======== Input material

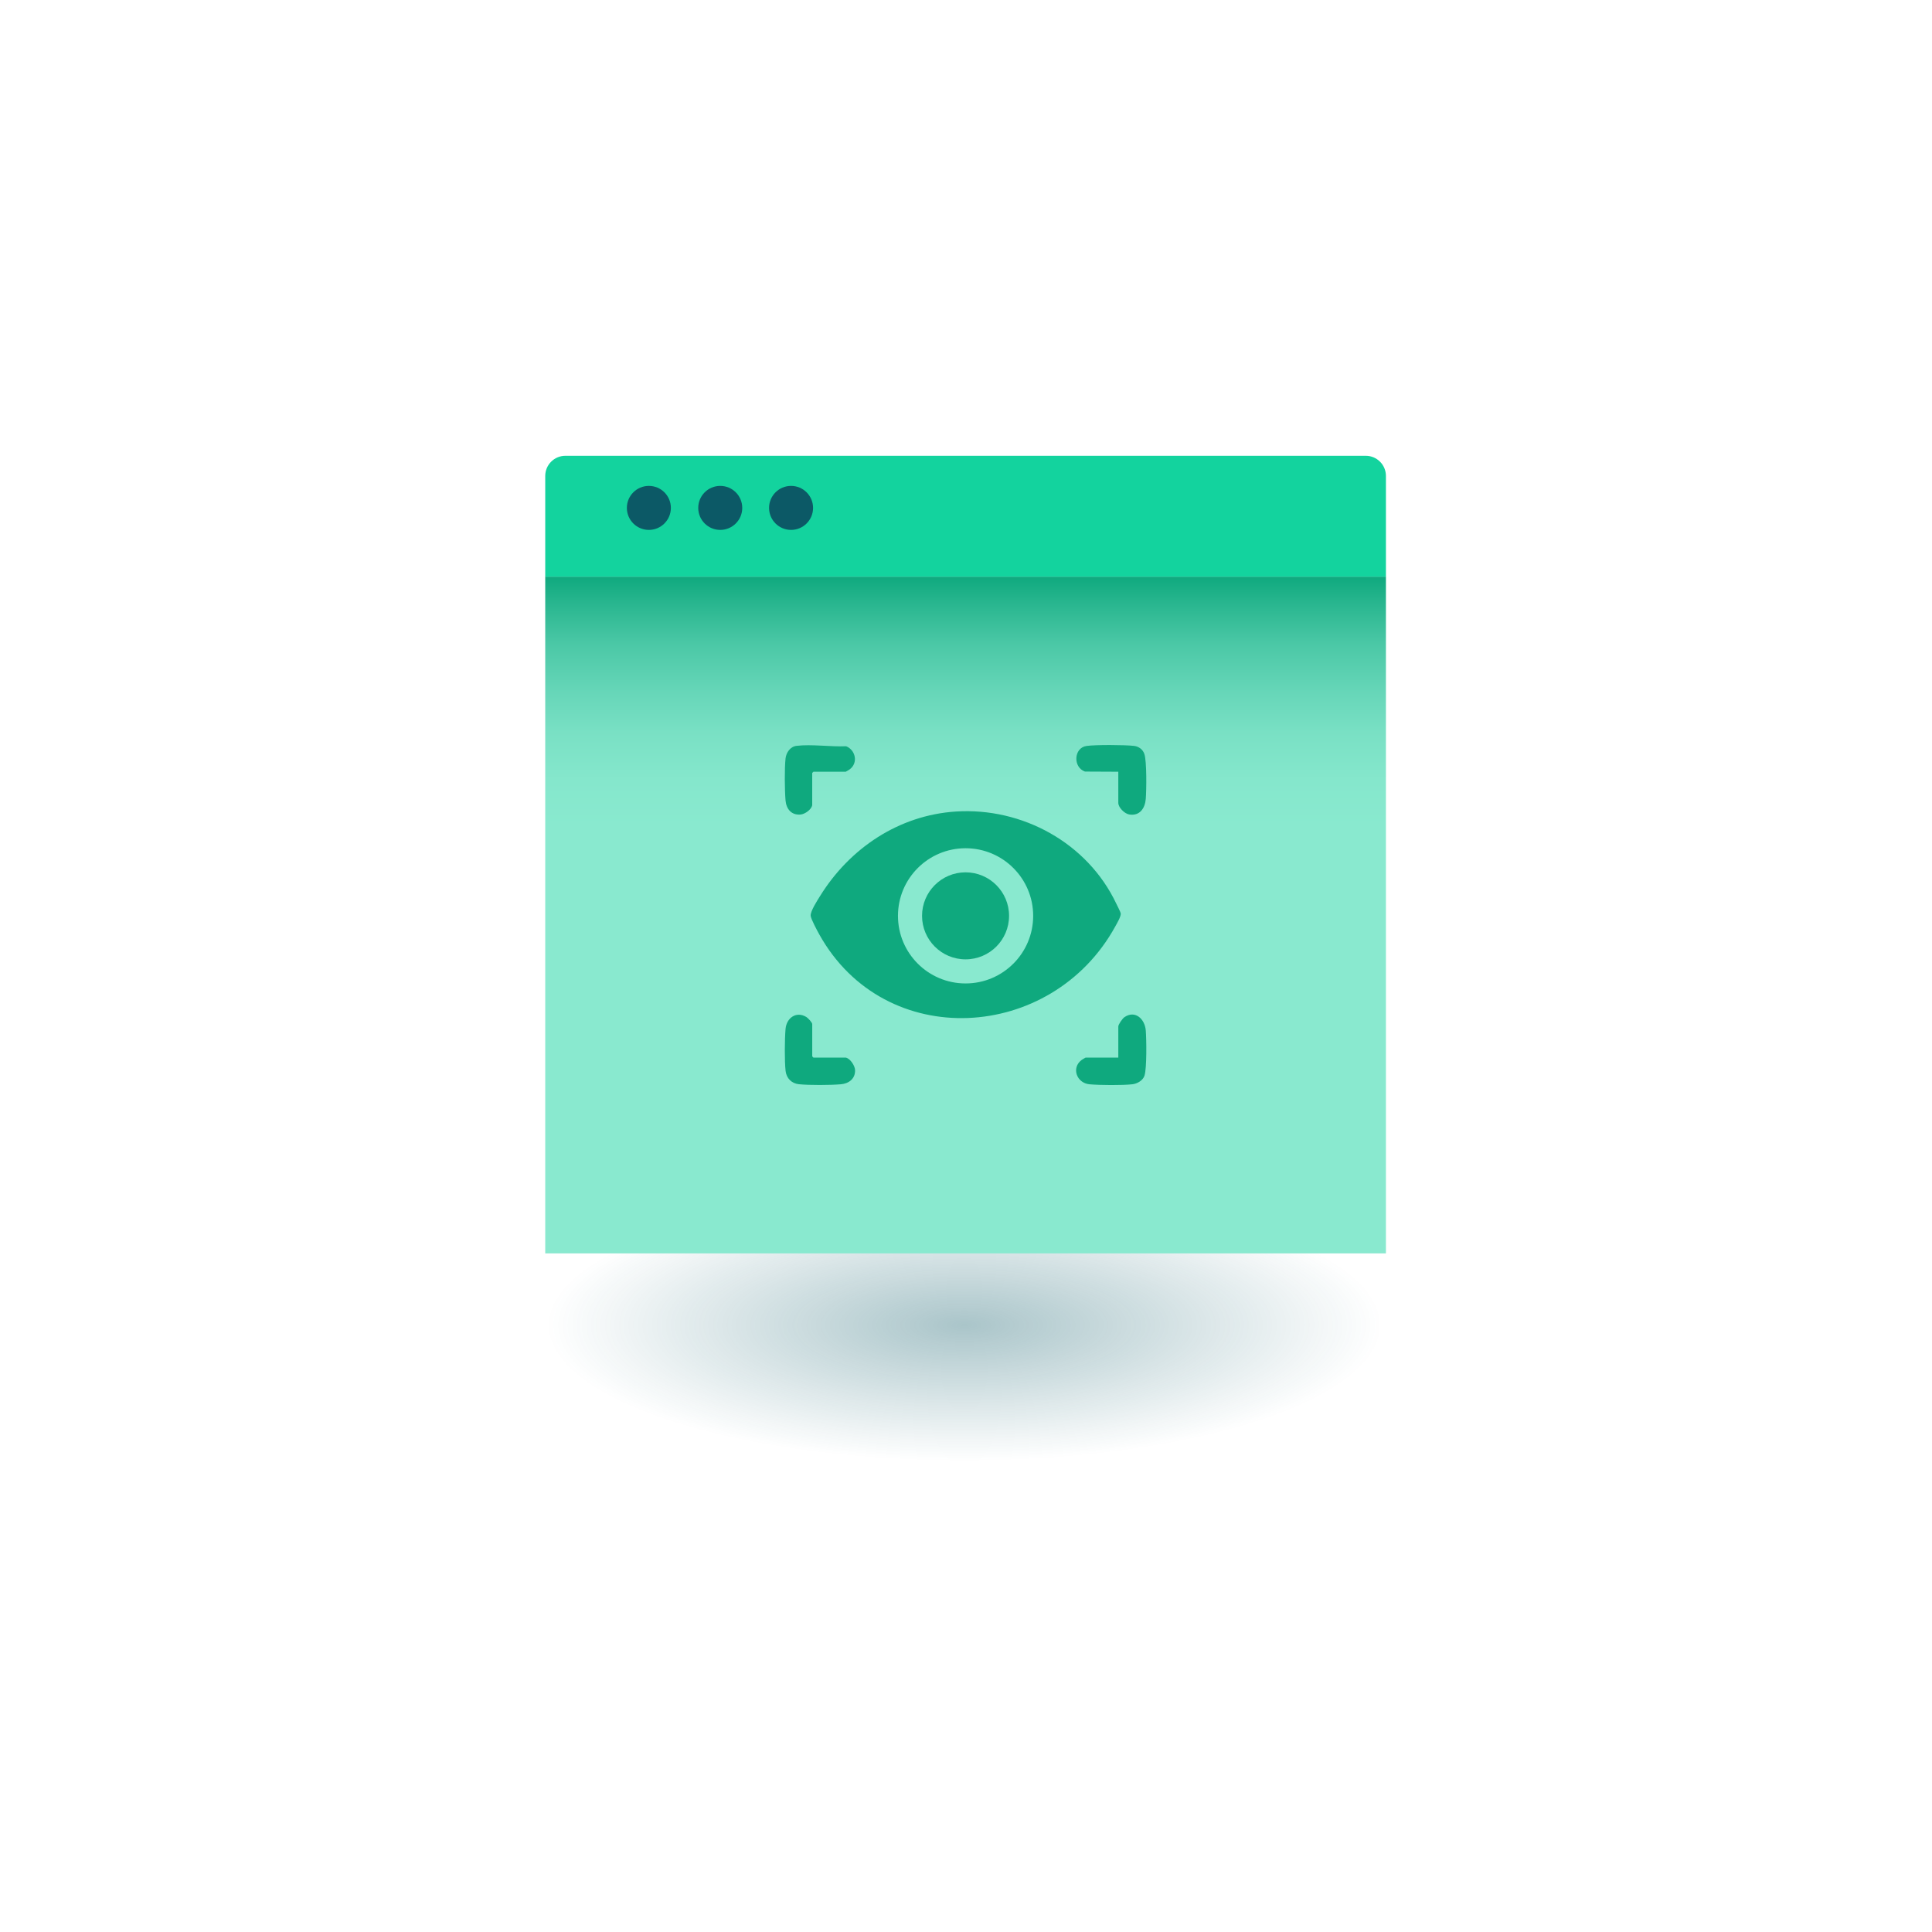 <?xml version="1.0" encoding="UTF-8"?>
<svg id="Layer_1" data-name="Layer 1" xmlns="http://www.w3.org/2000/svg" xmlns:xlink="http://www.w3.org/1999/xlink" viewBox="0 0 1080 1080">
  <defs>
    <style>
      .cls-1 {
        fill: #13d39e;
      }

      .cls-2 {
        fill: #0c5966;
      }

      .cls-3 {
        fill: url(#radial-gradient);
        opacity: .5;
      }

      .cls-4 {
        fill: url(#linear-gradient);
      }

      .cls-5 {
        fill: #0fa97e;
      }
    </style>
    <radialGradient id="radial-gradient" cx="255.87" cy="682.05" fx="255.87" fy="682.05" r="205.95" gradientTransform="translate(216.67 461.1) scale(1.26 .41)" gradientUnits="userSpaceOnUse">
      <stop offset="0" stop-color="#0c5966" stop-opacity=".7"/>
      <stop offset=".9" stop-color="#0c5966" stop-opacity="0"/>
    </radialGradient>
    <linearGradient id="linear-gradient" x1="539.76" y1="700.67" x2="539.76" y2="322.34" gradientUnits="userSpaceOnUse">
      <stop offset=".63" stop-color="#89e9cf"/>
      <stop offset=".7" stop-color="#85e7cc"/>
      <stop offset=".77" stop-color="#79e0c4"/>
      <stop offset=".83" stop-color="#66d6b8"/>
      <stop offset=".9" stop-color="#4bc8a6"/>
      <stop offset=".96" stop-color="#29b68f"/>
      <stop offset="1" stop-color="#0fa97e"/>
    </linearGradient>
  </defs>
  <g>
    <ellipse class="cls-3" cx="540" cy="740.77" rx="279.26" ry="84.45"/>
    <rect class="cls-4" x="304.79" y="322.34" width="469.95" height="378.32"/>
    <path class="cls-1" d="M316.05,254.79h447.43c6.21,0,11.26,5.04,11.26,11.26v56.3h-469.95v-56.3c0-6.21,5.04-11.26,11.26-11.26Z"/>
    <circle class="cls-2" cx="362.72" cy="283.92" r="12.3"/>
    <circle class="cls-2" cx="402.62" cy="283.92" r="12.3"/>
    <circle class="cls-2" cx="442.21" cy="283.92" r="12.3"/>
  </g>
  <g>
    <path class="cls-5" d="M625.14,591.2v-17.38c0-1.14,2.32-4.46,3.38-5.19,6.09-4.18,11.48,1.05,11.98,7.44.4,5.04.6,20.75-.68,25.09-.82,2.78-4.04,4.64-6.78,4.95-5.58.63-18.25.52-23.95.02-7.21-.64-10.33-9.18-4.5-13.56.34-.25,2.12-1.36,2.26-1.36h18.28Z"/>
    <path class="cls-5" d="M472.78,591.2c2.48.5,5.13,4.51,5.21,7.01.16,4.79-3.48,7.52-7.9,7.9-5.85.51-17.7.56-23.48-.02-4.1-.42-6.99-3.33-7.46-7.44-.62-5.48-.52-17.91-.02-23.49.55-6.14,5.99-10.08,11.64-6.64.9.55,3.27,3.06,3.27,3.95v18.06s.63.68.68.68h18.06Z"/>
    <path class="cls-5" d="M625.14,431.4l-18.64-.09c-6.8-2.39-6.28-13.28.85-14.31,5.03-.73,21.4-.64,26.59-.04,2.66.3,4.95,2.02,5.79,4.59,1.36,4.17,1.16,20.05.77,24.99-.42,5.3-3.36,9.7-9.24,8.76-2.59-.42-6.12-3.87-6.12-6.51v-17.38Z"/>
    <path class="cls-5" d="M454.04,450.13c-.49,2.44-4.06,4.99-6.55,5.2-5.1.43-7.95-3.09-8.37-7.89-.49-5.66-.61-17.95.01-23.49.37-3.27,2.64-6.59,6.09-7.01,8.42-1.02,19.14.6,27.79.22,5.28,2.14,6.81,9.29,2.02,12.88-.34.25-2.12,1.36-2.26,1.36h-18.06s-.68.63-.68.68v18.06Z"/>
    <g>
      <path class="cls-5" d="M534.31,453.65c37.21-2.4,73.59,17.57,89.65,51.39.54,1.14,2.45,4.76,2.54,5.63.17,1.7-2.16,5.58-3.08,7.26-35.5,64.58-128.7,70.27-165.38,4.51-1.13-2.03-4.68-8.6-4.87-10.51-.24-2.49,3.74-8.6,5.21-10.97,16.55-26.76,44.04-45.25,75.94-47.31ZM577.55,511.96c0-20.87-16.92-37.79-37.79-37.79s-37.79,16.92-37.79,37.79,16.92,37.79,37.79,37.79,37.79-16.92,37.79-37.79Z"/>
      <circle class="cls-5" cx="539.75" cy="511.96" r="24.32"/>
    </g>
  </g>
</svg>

================

Produce a word-for-word version of the material, with no pictures included.

 <?xml version="1.0" encoding="UTF-8"?>
<svg id="Layer_1" data-name="Layer 1" xmlns="http://www.w3.org/2000/svg" xmlns:xlink="http://www.w3.org/1999/xlink" viewBox="0 0 1080 1080">
  <defs>
    <style>
      .cls-1 {
        fill: #13d39e;
      }

      .cls-2 {
        fill: #0c5966;
      }

      .cls-3 {
        fill: url(#radial-gradient);
        opacity: .5;
      }

      .cls-4 {
        fill: url(#linear-gradient);
      }

      .cls-5 {
        fill: #0fa97e;
      }
    </style>
    <radialGradient id="radial-gradient" cx="255.87" cy="682.05" fx="255.87" fy="682.05" r="205.95" gradientTransform="translate(216.67 461.1) scale(1.26 .41)" gradientUnits="userSpaceOnUse">
      <stop offset="0" stop-color="#0c5966" stop-opacity=".7"/>
      <stop offset=".9" stop-color="#0c5966" stop-opacity="0"/>
    </radialGradient>
    <linearGradient id="linear-gradient" x1="539.76" y1="700.67" x2="539.76" y2="322.34" gradientUnits="userSpaceOnUse">
      <stop offset=".63" stop-color="#89e9cf"/>
      <stop offset=".7" stop-color="#85e7cc"/>
      <stop offset=".77" stop-color="#79e0c4"/>
      <stop offset=".83" stop-color="#66d6b8"/>
      <stop offset=".9" stop-color="#4bc8a6"/>
      <stop offset=".96" stop-color="#29b68f"/>
      <stop offset="1" stop-color="#0fa97e"/>
    </linearGradient>
  </defs>
  <g>
    <ellipse class="cls-3" cx="540" cy="740.77" rx="279.26" ry="84.45"/>
    <rect class="cls-4" x="304.79" y="322.34" width="469.95" height="378.32"/>
    <path class="cls-1" d="M316.05,254.79h447.43c6.21,0,11.26,5.04,11.26,11.26v56.3h-469.95v-56.3c0-6.21,5.04-11.26,11.26-11.26Z"/>
    <circle class="cls-2" cx="362.72" cy="283.92" r="12.3"/>
    <circle class="cls-2" cx="402.62" cy="283.92" r="12.3"/>
    <circle class="cls-2" cx="442.21" cy="283.92" r="12.3"/>
  </g>
  <g>
    <path class="cls-5" d="M625.14,591.2v-17.38c0-1.14,2.32-4.46,3.38-5.19,6.09-4.18,11.48,1.05,11.98,7.44.4,5.04.6,20.75-.68,25.09-.82,2.78-4.04,4.64-6.78,4.95-5.58.63-18.25.52-23.95.02-7.21-.64-10.33-9.18-4.5-13.56.34-.25,2.12-1.36,2.26-1.36h18.28Z"/>
    <path class="cls-5" d="M472.78,591.2c2.48.5,5.13,4.51,5.21,7.01.16,4.79-3.48,7.52-7.9,7.9-5.85.51-17.7.56-23.48-.02-4.1-.42-6.99-3.33-7.46-7.44-.62-5.48-.52-17.91-.02-23.49.55-6.14,5.99-10.08,11.64-6.64.9.55,3.27,3.06,3.27,3.95v18.06s.63.68.68.68h18.06Z"/>
    <path class="cls-5" d="M625.14,431.4l-18.64-.09c-6.8-2.39-6.28-13.28.85-14.31,5.03-.73,21.4-.64,26.59-.04,2.66.3,4.95,2.02,5.79,4.59,1.36,4.17,1.16,20.05.77,24.99-.42,5.3-3.36,9.7-9.24,8.76-2.59-.42-6.12-3.87-6.12-6.51v-17.38Z"/>
    <path class="cls-5" d="M454.04,450.13c-.49,2.44-4.06,4.99-6.55,5.2-5.1.43-7.95-3.09-8.37-7.89-.49-5.66-.61-17.95.01-23.49.37-3.27,2.64-6.59,6.09-7.01,8.42-1.02,19.14.6,27.79.22,5.28,2.14,6.81,9.29,2.02,12.88-.34.25-2.12,1.36-2.26,1.36h-18.06s-.68.63-.68.68v18.06Z"/>
    <g>
      <path class="cls-5" d="M534.31,453.65c37.21-2.4,73.59,17.57,89.65,51.39.54,1.14,2.45,4.76,2.54,5.63.17,1.7-2.16,5.58-3.08,7.26-35.5,64.58-128.7,70.27-165.38,4.51-1.13-2.03-4.68-8.6-4.87-10.51-.24-2.49,3.74-8.6,5.21-10.97,16.55-26.76,44.04-45.25,75.94-47.31ZM577.55,511.96c0-20.87-16.92-37.79-37.79-37.79s-37.79,16.92-37.79,37.79,16.92,37.79,37.79,37.79,37.79-16.92,37.79-37.79Z"/>
      <circle class="cls-5" cx="539.75" cy="511.96" r="24.32"/>
    </g>
  </g>
</svg>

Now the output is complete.